Beauty in popular Indian Cinema has served the male gaze for a long long time. As someone who came of age in the early noughts, the leading ladies I was exposed to often appeared polished and flawless. It was not until I watched Deepa Mehta’s Water (2005) in college that I knew I had been betrayed. It was a kind of reverse culture shock: the world and women, created by the auteur were strange to me. Thus began my film education. Since then, I’ve actively sought women’s stories especially brought to life by women, with empathy and realness. Indeed, beauty seen through the lens of a female creator is unique, but what exactly makes it so?

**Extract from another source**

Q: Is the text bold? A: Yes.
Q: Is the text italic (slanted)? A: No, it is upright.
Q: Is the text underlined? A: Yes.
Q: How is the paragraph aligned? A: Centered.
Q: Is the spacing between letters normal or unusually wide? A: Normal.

On a closer look, it is revealed that the magic lies in the remarkable details that make up female characters in films made by women creators. The unkempt, Day Three hair on Bhumi Pednekar in Zoya Akhtar’s Netflix anthology Lust Stories (2018) is in-line with the disassociation her character is shown to be feeling. The women in films written and/ or directed by other women look like our mothers, neighbours, sisters, peers and strangers on the street. Just look at Konkana Sen Sharma’s bare-bones portrayal of a disillusioned housewife on the brink of a breakdown in Alankrita Shrivastava’s Dolly Kitty Aur Woh Chamakte Sitare (2020).
For Ashwiny Iyer Tiwari (director of modern gems like Nil Battey Sannata (2016) and Bareilly Ki Barfi (2017), the essence of beauty lies in the character itself. “After keenly observing my actor, I discuss them with my cinematographer, what kind of lighting will elevate the simplicity. Good camera work does not need a lot of make-up. It just needs knowledge and ideas to explore the potential of an actor without making them conscious of how they look. Whether it’s Swara’s love for her kohl eyes despite the character’s background or Kriti’s no make-up plump cheeks and bright eyes enhanced by lighting and camera work–every face is defined by the backstory of the character, which the actors emit through the eyes of the storyteller,” she reflects.

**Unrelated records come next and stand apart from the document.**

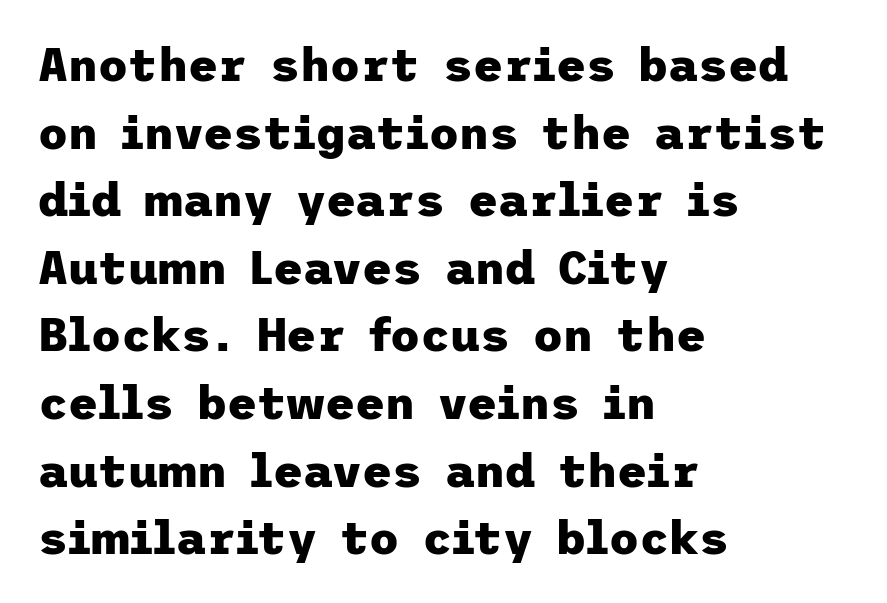
Q: Is the text bold? A: Yes.
Q: Is the text italic (slanted)? A: No, it is upright.
Q: Is the typeface a serif or a sans-serif typeface? A: Sans-serif.
Q: Is the text underlined? A: No.
Q: How is the paragraph aligned? A: Left-aligned.
Q: Is the spacing between letters normal or unusually wide? A: Normal.
Q: Is the spacing between lines tight, normal or loose? A: Normal.
Q: Width (condensed, normal, or wide)? A: Normal.
Q: Stroke contrast? A: Low.
Q: x-height? A: Medium.

Ashwiny also added, ”To be raw and confident about your inner beauty which reflects externally is what is most important for me. It’s challenging to be simple and have complete clarity and confidence to emote beauty. Especially when it has been subject to immense crucifixion concerning the colour of the skin, the shape of your chin, including the little pimple that just arrived. Seeing my actors let go of their inhibitions is worth every effort of believing in minimalism and the balance of inner beauty and external beauty.”
Screenwriter Kanika Dhillon, who wrote Size Zero (2015), Manmarziyaan (2018) and Judgementall Hai Kya (2019), creates her leading ladies from women who deserve to be role models in her head. “My leading lady is someone who knows her mind, has ambition and wears her flaws proudly. We are a nation that idolizes the notion of a woman who is beautiful inside out. But somehow, my women do not adhere to that. Instead, they adhere to perhaps a norm of wanting to live a full life, doing what they want, having an agency of choice— and that is for them a beautiful life.”

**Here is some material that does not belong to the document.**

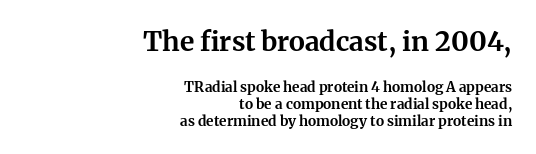
{"italic": "no", "bold": "yes", "underline": "no", "align": "right", "line_spacing_ratio": 1.2, "letter_spacing": "normal", "letter_spacing_em": 0.0, "larger_block": "first", "size_ratio": 1.93, "glyph_px": 27}
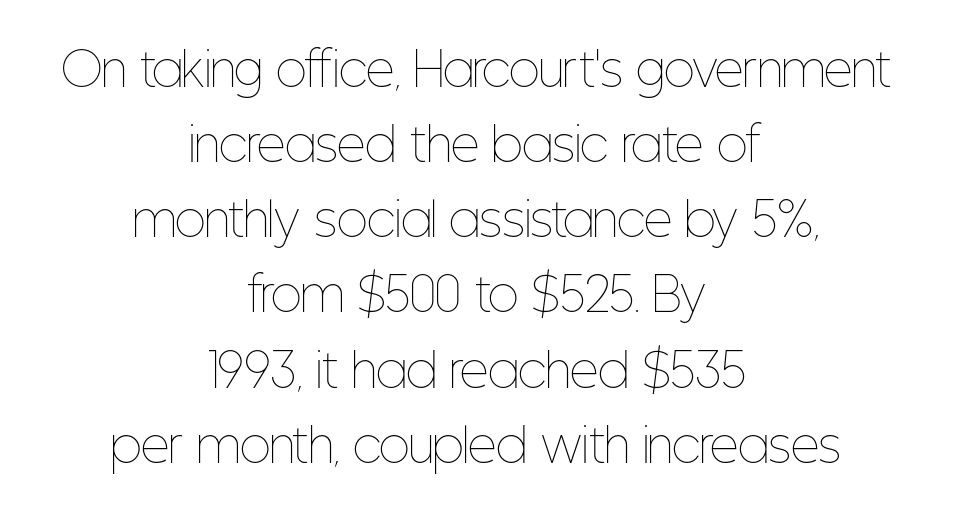
{"italic": "no", "bold": "no", "weight": "thin", "width": "condensed", "stroke_contrast": "low", "x_height": "medium", "monospaced": "no", "underline": "no", "align": "center", "line_spacing": "normal", "line_spacing_ratio": 1.67, "letter_spacing": "normal", "letter_spacing_em": 0.0, "glyph_px": 45}

“My women also challenge the moral yardsticks that are handed down from generation after generation of what a very desirable woman should be like. The expectation from women is to be coy, graceful, obedient, and not too opinionated. Strong women are looked down upon in real life, the society does not take to them too kindly and are very quick to judge them. My ladies challenge that because they are at the center of the narrative and are not apologetic about their choices. This is the only way they know how to be,” Kanika further elaborates.
But do filmmakers actually think about beauty aspects while creating their characters on screen? Mira Nair’s Monsoon Wedding (2001) saw Shefali Shah in stunning nude lips and a fresh face, exactly how we were seeing women in their mid-30s. Kanika revealed that she often looks for how much power her characters give to beauty. “It takes a lot of experience and living life to truly understand how to cherish and define beauty. Frankly, we are very age-obsessed and filter-obsessed suddenly; everybody is looking perfect. The idea that a woman loses her grace and looks when she reaches a certain age is what I want to challenge. Youth is not the only definition of beauty, and neither and certain look or size.”
This thought process is apparent in her work on Size Zero where Anushka Shetty’s character flips the negative societal perception of plus size into an empowering experience. The film focuses on beautiful things about her life, experiences, and how she’d like to define beauty. Kanika also hinted towards downplaying one’s attractiveness to fit the idea of a proper woman in society. “Erin Brockovich was shamed for being attractive in the way she dressed. People do not want women to not play up their sexuality because they are intimated by it somehow. I’d say that it is disabling concept that if women are shamed for expressing themselves via beauty. Society should not be given the power to burden them with judgements. What an exciting time to be a movie buff! With so many women taking leadership roles behind the camera and at the writing tables, we are finally treated to stories that may have previously gone unheard. I am sure that my generation of women is ready, our BFFs in tow, to rush to theatres of movies made by women—after all, we’ve waited for long enough.